I numeri che danno la misura del beneficio

La quantificazione dei vantaggi offre un quadro inequivocabile. Secondo i dati analizzati, raggiungere la soglia dei quattromila passi in una sola sessione settimanale si associa già a una riduzione del rischio di mortalità pari al venticinque percento. Se poi l'attività viene replicata, portando a tre le passeggiate nell'arco dei sette giorni, il beneficio compie un balzo notevole, con un abbattimento della mortalità che sfiora il quaranta percento. Si tratta di percentuali che traducono in linguaggio statistico un effetto protettivo tangibile, estendendosi alla diminuzione del pericolo di infarto e di altre patologie cardiache, spesso temute in quella fascia d'età.

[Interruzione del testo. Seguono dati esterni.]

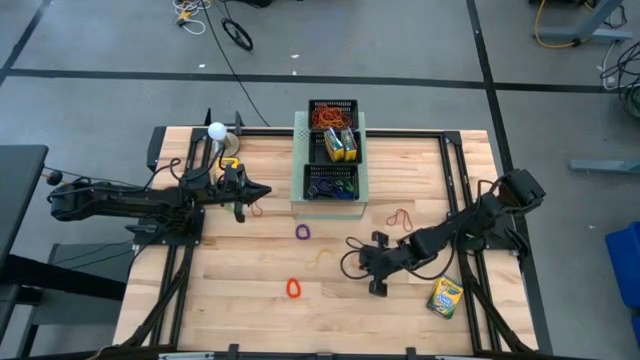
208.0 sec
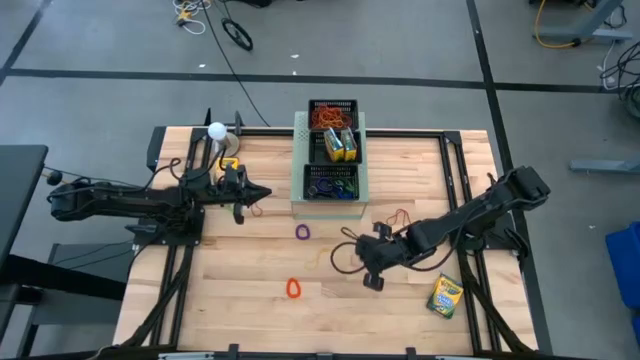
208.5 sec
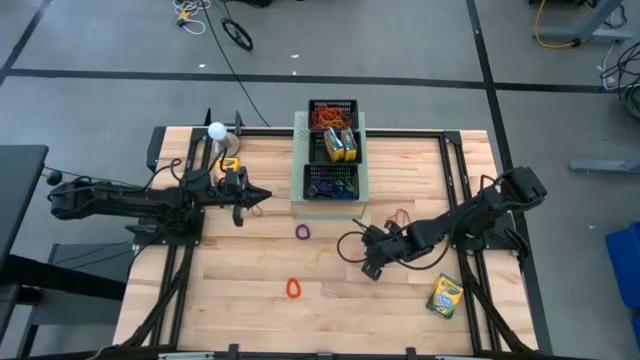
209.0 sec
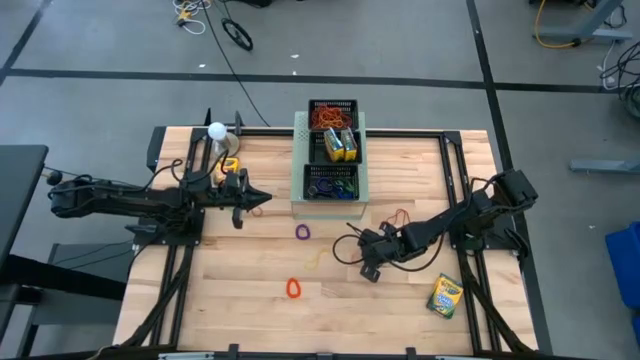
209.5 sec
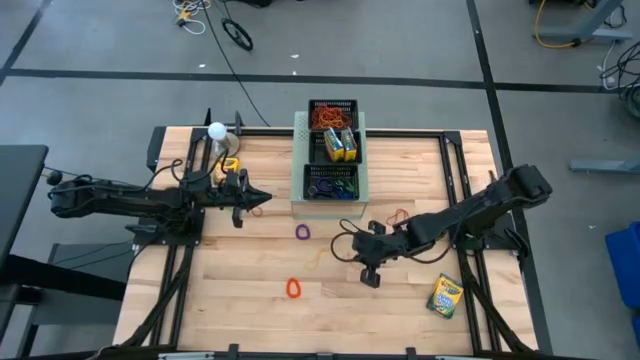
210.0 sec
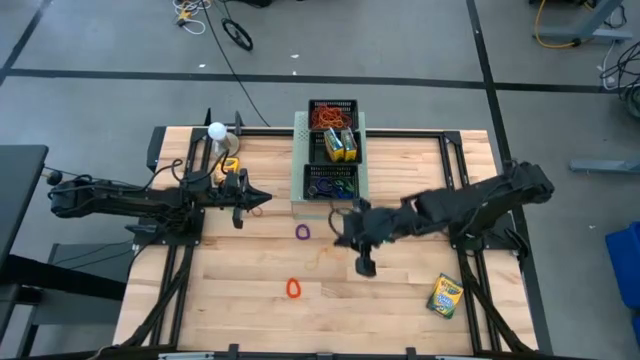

Una strategia a basso costo per la salute pubblica

Alla luce di questi risultati, la camminata si conferma come una risorsa di salute pubblica di straordinario valore, economica e ampiamente democratica. Non richiede attrezzature speciali, né l'iscrizione a centri sportivi, e può essere praticata pressoché ovunque, il che la rende un'opzione percorribile per una vasta platea di persone anziane. La ricerca, del resto, non fa che aggiungere un tassello importante a un quadro di conoscenze già solido, sottolineando come l'esercizio, seppur lieve e concentrato, garantisca una serie di benefici fisiologici. Si delinea così un approccio pragmatico al benessere nella terza età, dove l'obiettivo non è la prestazione atletica ma l'accumulo, anche frammentato, di movimento utile.